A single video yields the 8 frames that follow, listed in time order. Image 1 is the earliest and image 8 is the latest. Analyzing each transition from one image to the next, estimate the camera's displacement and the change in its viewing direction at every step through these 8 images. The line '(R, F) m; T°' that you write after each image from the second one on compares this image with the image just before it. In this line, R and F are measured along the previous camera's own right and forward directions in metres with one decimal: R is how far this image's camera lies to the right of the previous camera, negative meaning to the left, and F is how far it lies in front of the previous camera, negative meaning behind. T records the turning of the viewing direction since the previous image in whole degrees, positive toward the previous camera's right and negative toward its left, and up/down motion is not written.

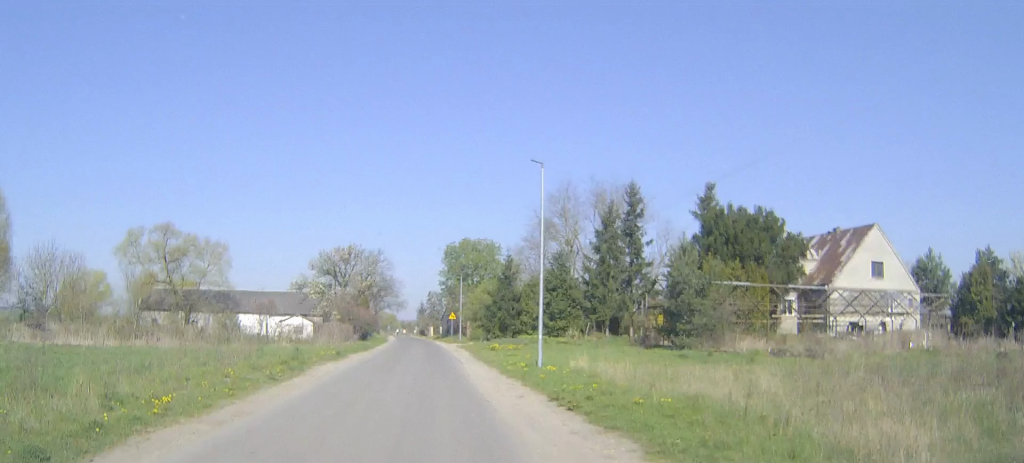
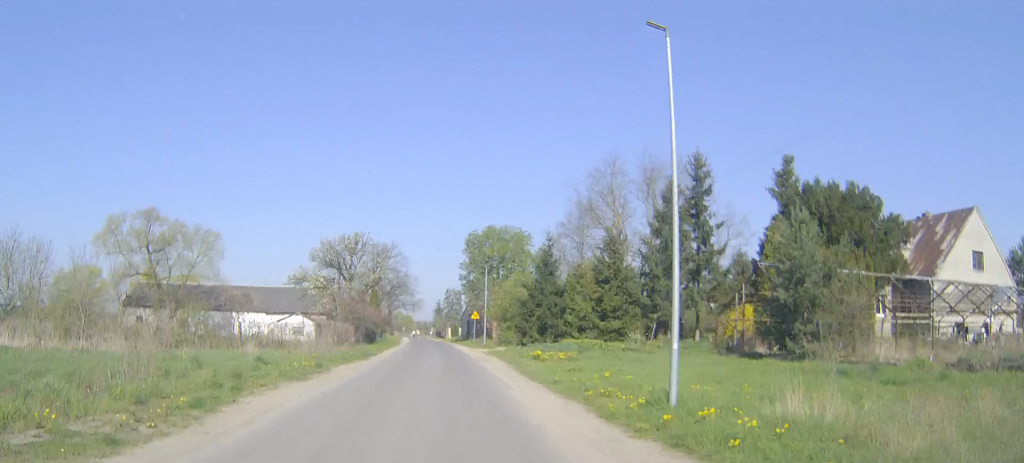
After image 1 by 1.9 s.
(-0.1, +11.1) m; -1°
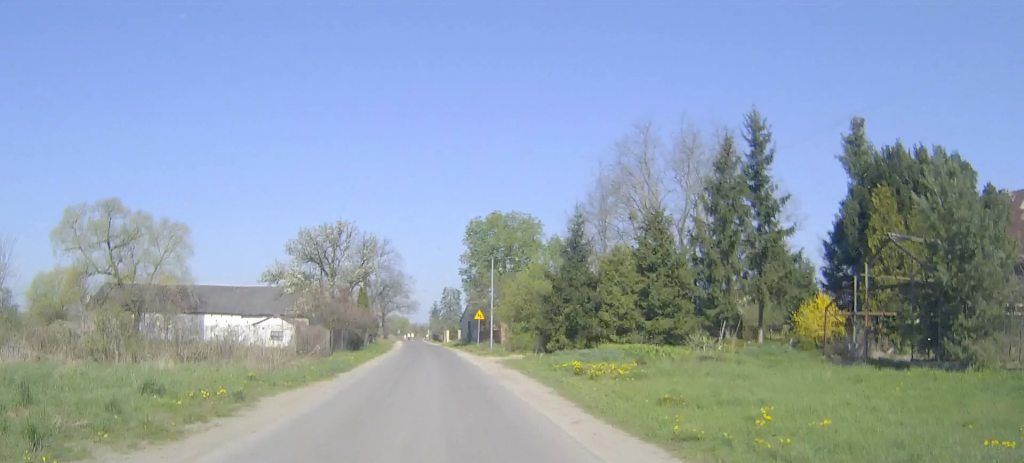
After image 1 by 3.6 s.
(0.0, +9.5) m; 0°
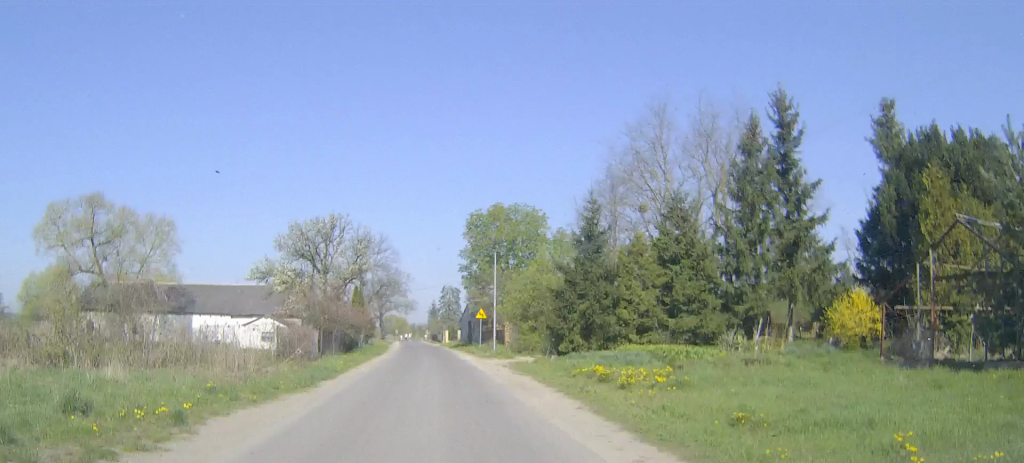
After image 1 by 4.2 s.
(0.0, +3.3) m; 0°
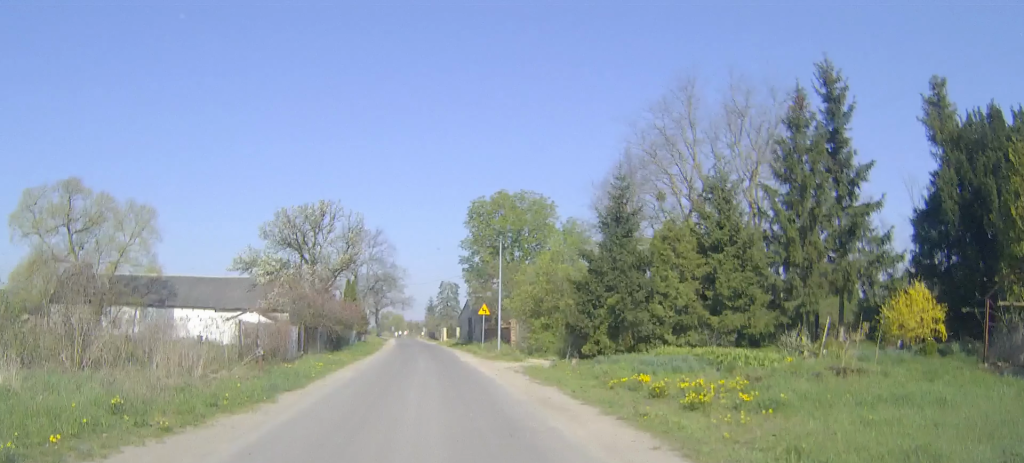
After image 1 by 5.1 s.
(0.0, +4.7) m; 0°
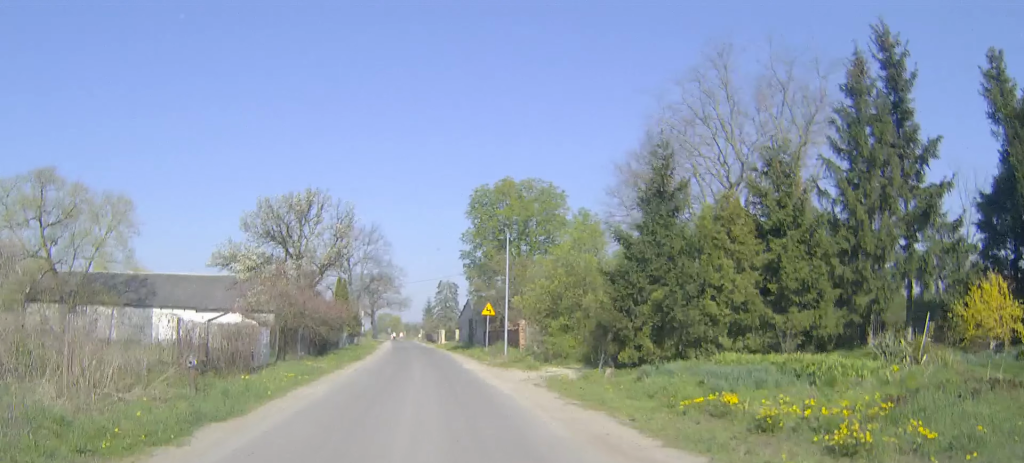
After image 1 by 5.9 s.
(0.0, +4.9) m; 0°
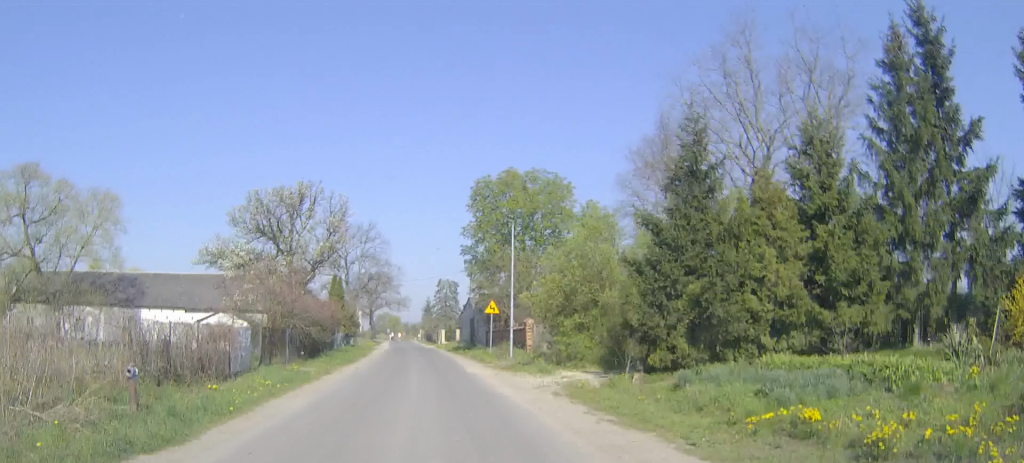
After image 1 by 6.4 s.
(0.0, +2.7) m; 0°
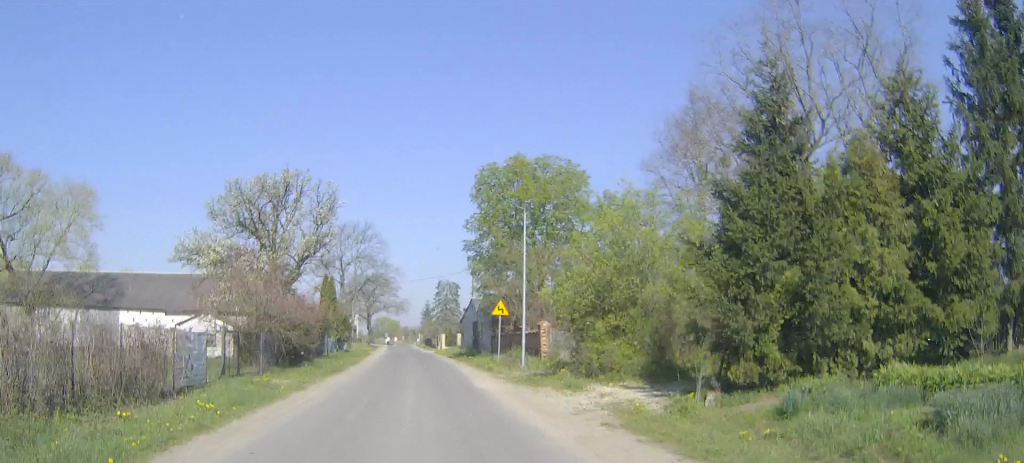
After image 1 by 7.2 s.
(0.0, +4.6) m; 0°

Try it:
Reproduce every record in full. Leave out the images.

Written answer:
A single video yields the 8 frames that follow, listed in time order. Image 1 is the earliest and image 8 is the latest. Analyzing each transition from one image to the next, estimate the camera's displacement and the change in its viewing direction at every step through these 8 images. The line '(R, F) m; T°' that you write after each image from the second one on compares this image with the image just before it. In this line, R and F are measured along the previous camera's own right and forward directions in metres with one decimal: R is how far this image's camera lies to the right of the previous camera, negative meaning to the left, and F is how far it lies in front of the previous camera, negative meaning behind. T records the turning of the viewing direction since the previous image in whole degrees, positive toward the previous camera's right and negative toward its left, and up/down motion is not written.

After image 1 by 1.9 s.
(-0.1, +11.1) m; -1°
After image 1 by 3.6 s.
(0.0, +9.5) m; 0°
After image 1 by 4.2 s.
(0.0, +3.3) m; 0°
After image 1 by 5.1 s.
(0.0, +4.7) m; 0°
After image 1 by 5.9 s.
(0.0, +4.9) m; 0°
After image 1 by 6.4 s.
(0.0, +2.7) m; 0°
After image 1 by 7.2 s.
(0.0, +4.6) m; 0°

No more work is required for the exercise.